We to whom humble journeyings were once permitted have now been transformed into physicists, biologists, students of the civilizations that beautify the depths of valleys and now and again, by some miracle, bloom like gardens where the climate allows. We are able to judge man in cosmic terms, scrutinize him through our portholes as through instruments of the laboratory.The airplane has unveiled for us the true face of the earth. For centuries, highways had been deceiving us. We were like that queen who determined to move among her subjects so that she might learn for herself whether or not they rejoiced in her reign. Her courtiers took advantage of her innocence to garland the road she traveled and set dancers in her path. Led forward on their halter, she saw nothing of her kingdom and could not know that over the countryside the famished were cursing her.
Even so have we been making our way along the winding roads. Roads avoid the barren lands, the rocks, the sands. They shape themselves to man’s needs and run from stream to stream. They lead the farmer from his barns to his wheat-fields, receive at the thresholds of stables the sleepy cattle and pour them forth at dawn into meadows of alfalfa. They join village to village, for between villages marriages are made.
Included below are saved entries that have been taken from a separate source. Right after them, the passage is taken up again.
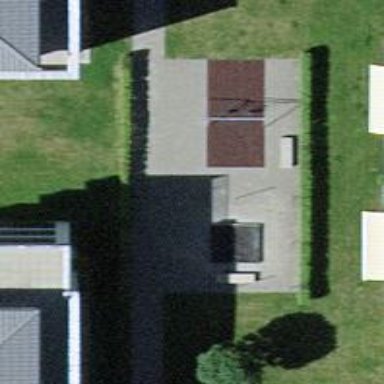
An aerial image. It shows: Concrete bench.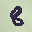
Label: 8
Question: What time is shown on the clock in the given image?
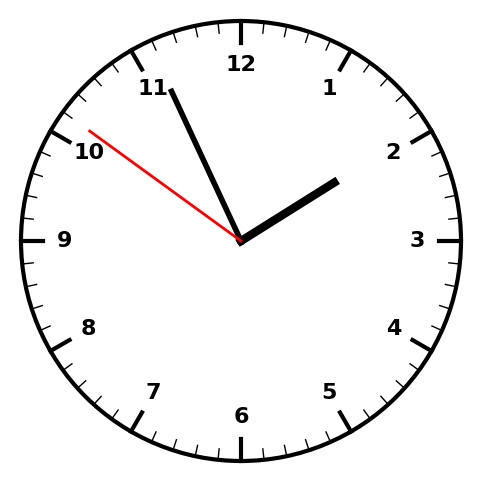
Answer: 01:55:51
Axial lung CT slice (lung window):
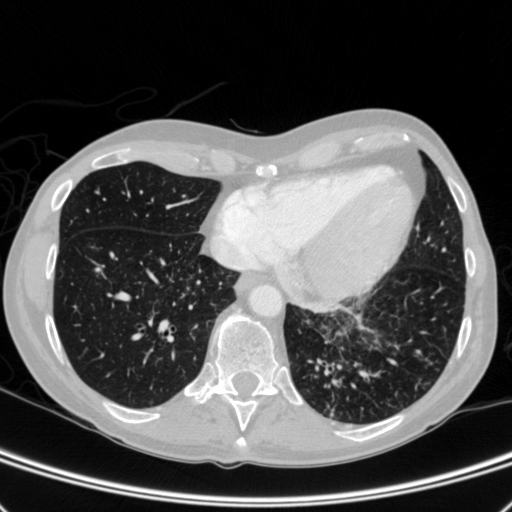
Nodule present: no

And even when a road hazards its way over the desert, you will see it make a thousand detours to take its pleasure at the oases. Thus, led astray by the divagations of roads, as by other indulgent fictions, having in the course of our travels skirted so many well-watered lands, so many orchards, so many meadows, we have from the beginning of time embellished the picture of our prison. We have elected to believe that our planet was merciful and fruitful.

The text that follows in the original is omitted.